WHAT IS EXPECTED:
From the records that follow, copy every line that contains the word "task".

Dataset excerpts
────

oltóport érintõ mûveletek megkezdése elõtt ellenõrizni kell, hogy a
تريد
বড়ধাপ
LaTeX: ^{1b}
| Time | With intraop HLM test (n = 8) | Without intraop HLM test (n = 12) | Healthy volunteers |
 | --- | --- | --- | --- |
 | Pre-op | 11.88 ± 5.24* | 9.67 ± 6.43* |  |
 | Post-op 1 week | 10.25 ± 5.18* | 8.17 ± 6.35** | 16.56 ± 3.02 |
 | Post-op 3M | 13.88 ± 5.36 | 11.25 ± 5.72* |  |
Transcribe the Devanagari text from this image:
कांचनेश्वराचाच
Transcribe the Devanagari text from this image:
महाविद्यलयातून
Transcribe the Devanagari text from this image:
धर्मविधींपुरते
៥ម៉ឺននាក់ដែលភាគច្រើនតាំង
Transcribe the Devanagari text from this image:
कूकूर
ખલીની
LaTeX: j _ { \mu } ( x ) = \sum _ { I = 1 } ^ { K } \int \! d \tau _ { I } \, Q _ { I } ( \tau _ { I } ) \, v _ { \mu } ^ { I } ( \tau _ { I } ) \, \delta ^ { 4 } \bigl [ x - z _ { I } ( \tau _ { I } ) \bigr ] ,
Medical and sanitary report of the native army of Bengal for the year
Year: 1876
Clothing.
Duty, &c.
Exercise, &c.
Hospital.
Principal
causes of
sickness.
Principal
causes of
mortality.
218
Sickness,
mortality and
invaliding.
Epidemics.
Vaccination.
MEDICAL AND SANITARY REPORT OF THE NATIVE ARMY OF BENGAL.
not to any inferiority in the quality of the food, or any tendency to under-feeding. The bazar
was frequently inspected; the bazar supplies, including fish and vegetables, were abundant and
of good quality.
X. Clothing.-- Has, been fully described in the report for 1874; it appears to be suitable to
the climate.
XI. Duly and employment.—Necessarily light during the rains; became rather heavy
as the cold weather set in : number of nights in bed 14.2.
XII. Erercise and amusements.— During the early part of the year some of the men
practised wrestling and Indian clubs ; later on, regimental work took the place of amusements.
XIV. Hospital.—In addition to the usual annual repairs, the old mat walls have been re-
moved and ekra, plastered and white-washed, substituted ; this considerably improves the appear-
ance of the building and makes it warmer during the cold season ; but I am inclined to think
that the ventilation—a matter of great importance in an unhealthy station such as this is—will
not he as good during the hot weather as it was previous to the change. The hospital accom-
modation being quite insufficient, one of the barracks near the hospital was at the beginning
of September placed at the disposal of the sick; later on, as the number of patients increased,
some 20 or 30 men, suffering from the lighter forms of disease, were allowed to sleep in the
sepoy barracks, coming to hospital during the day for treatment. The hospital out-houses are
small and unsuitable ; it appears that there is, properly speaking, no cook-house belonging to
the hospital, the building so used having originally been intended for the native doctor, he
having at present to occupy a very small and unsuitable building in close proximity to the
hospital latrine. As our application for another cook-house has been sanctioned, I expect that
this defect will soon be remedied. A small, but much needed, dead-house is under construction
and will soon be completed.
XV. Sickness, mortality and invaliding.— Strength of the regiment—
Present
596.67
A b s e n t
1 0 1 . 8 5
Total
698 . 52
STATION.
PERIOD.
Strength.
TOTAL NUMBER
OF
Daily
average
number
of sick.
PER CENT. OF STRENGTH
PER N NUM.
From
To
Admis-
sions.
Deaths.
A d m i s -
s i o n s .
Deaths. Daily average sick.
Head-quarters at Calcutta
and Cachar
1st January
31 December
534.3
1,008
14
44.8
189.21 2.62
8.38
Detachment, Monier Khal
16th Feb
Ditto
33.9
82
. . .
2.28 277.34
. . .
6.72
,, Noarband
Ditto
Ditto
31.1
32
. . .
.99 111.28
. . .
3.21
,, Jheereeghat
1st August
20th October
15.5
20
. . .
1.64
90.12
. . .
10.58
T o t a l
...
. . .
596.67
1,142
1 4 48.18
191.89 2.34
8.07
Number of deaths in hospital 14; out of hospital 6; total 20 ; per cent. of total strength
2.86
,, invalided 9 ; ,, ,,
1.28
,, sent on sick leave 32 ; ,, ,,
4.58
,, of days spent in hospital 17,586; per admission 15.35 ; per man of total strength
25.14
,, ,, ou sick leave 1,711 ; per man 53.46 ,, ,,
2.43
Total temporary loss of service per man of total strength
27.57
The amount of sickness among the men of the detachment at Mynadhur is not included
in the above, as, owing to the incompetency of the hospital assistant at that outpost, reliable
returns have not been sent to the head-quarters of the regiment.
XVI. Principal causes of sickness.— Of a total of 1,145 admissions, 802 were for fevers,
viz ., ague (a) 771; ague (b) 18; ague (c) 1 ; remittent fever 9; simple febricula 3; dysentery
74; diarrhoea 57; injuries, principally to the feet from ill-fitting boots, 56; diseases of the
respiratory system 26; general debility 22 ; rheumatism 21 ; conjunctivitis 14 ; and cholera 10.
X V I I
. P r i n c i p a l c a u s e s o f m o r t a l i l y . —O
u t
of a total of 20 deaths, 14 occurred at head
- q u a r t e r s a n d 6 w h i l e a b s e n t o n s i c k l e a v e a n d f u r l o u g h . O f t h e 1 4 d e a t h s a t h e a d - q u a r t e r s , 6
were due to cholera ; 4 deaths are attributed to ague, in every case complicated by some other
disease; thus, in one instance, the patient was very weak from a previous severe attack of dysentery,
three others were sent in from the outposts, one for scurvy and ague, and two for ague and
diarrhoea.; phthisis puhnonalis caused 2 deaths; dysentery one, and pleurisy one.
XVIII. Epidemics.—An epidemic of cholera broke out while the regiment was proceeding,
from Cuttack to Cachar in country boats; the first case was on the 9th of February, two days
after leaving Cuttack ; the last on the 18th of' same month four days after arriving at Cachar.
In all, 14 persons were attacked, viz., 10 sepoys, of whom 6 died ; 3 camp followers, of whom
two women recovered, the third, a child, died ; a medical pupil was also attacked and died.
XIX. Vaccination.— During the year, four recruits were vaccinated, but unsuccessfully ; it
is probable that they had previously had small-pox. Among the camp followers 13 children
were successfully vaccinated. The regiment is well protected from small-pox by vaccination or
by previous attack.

────

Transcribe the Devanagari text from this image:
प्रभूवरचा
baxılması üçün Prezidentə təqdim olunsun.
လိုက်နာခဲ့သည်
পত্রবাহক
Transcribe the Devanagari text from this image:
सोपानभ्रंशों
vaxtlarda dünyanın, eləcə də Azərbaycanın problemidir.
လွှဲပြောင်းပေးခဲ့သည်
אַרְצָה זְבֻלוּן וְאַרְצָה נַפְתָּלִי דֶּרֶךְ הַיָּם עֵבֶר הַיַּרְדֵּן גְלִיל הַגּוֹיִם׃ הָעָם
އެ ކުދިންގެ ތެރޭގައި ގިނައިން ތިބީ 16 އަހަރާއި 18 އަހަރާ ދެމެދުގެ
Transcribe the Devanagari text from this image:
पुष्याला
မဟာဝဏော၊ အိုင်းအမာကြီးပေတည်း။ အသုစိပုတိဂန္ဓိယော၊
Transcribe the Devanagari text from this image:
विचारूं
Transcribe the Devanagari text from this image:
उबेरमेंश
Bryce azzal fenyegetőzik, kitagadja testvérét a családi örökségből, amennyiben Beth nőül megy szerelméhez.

────

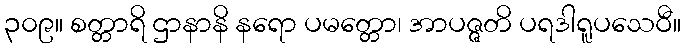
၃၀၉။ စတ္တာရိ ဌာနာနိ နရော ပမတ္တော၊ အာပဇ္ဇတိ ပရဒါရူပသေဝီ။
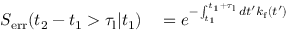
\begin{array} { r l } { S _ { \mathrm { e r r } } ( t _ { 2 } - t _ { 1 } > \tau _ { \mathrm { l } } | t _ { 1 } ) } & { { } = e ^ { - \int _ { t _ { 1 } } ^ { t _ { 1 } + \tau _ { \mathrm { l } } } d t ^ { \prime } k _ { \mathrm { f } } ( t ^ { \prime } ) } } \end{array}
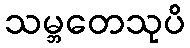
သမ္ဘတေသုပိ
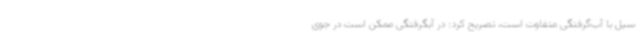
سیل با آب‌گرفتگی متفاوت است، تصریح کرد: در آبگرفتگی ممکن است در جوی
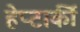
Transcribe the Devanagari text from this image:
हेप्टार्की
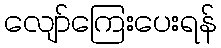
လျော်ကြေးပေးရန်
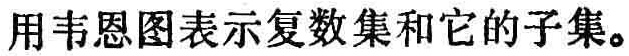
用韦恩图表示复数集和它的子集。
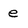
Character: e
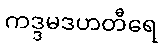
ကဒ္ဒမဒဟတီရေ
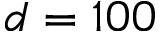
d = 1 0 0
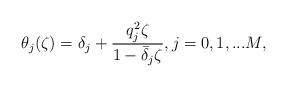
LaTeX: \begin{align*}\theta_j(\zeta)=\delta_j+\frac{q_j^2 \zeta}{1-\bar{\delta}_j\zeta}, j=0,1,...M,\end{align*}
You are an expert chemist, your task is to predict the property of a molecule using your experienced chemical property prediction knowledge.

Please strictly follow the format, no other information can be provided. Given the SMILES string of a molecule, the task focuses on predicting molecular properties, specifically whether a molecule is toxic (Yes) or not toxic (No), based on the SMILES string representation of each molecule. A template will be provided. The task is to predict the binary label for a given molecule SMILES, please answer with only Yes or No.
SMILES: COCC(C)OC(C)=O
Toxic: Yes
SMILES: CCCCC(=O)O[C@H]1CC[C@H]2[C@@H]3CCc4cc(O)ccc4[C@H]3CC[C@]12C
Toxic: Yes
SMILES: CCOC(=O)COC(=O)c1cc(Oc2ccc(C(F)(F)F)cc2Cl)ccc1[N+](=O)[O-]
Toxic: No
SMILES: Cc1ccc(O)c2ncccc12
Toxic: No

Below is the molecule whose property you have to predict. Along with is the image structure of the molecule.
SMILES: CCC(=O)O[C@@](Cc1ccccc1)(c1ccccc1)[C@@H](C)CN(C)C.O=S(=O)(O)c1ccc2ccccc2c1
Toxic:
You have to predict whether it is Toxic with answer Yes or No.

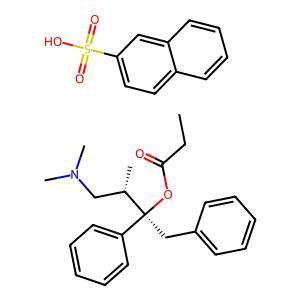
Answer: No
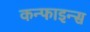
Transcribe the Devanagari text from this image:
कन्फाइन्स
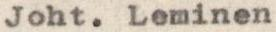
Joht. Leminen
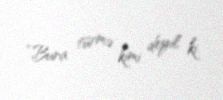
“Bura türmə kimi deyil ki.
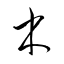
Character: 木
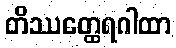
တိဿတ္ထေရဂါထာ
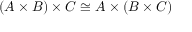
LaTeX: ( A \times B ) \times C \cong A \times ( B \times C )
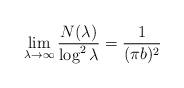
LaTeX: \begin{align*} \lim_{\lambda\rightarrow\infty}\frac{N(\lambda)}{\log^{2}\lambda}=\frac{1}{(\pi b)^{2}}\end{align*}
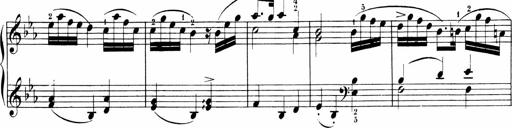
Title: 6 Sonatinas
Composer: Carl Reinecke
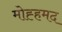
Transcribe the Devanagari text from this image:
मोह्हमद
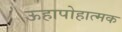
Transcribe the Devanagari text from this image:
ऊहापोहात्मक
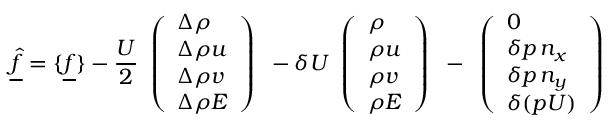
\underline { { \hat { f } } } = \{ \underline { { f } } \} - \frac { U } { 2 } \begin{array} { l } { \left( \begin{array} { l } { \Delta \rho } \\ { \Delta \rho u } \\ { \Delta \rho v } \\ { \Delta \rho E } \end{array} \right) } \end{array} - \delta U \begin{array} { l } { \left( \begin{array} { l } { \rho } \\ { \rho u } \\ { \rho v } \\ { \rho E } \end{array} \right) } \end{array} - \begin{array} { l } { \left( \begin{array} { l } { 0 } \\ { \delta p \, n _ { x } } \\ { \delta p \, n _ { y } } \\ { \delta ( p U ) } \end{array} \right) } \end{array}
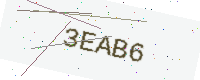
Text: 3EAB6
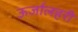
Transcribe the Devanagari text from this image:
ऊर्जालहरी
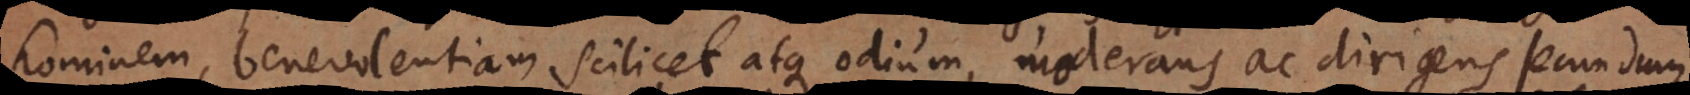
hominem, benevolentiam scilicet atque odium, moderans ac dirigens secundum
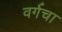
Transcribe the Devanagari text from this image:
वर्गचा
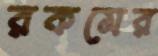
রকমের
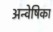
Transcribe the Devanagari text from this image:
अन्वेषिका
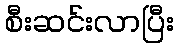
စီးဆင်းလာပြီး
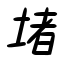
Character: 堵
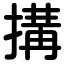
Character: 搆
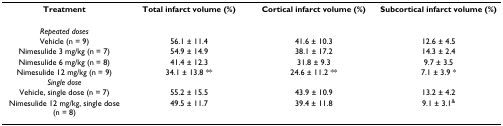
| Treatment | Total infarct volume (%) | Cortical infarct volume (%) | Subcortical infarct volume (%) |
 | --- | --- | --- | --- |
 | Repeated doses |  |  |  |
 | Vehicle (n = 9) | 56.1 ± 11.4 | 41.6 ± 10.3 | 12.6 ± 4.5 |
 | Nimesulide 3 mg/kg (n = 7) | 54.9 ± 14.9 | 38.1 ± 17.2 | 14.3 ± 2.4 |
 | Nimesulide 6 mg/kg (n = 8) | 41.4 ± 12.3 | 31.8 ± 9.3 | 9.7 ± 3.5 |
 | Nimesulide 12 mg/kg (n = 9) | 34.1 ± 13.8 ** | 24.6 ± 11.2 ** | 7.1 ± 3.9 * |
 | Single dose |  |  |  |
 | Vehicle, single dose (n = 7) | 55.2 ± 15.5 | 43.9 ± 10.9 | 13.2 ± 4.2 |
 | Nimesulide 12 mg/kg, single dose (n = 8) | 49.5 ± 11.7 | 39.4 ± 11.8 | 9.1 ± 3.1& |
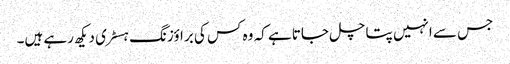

────

EXERCISE RESPONSE:
You are an expert chemist, your task is to predict the property of a molecule using your experienced chemical property prediction knowledge.
Please strictly follow the format, no other information can be provided. Given the SMILES string of a molecule, the task focuses on predicting molecular properties, specifically whether a molecule is toxic (Yes) or not toxic (No), based on the SMILES string representation of each molecule. A template will be provided. The task is to predict the binary label for a given molecule SMILES, please answer with only Yes or No.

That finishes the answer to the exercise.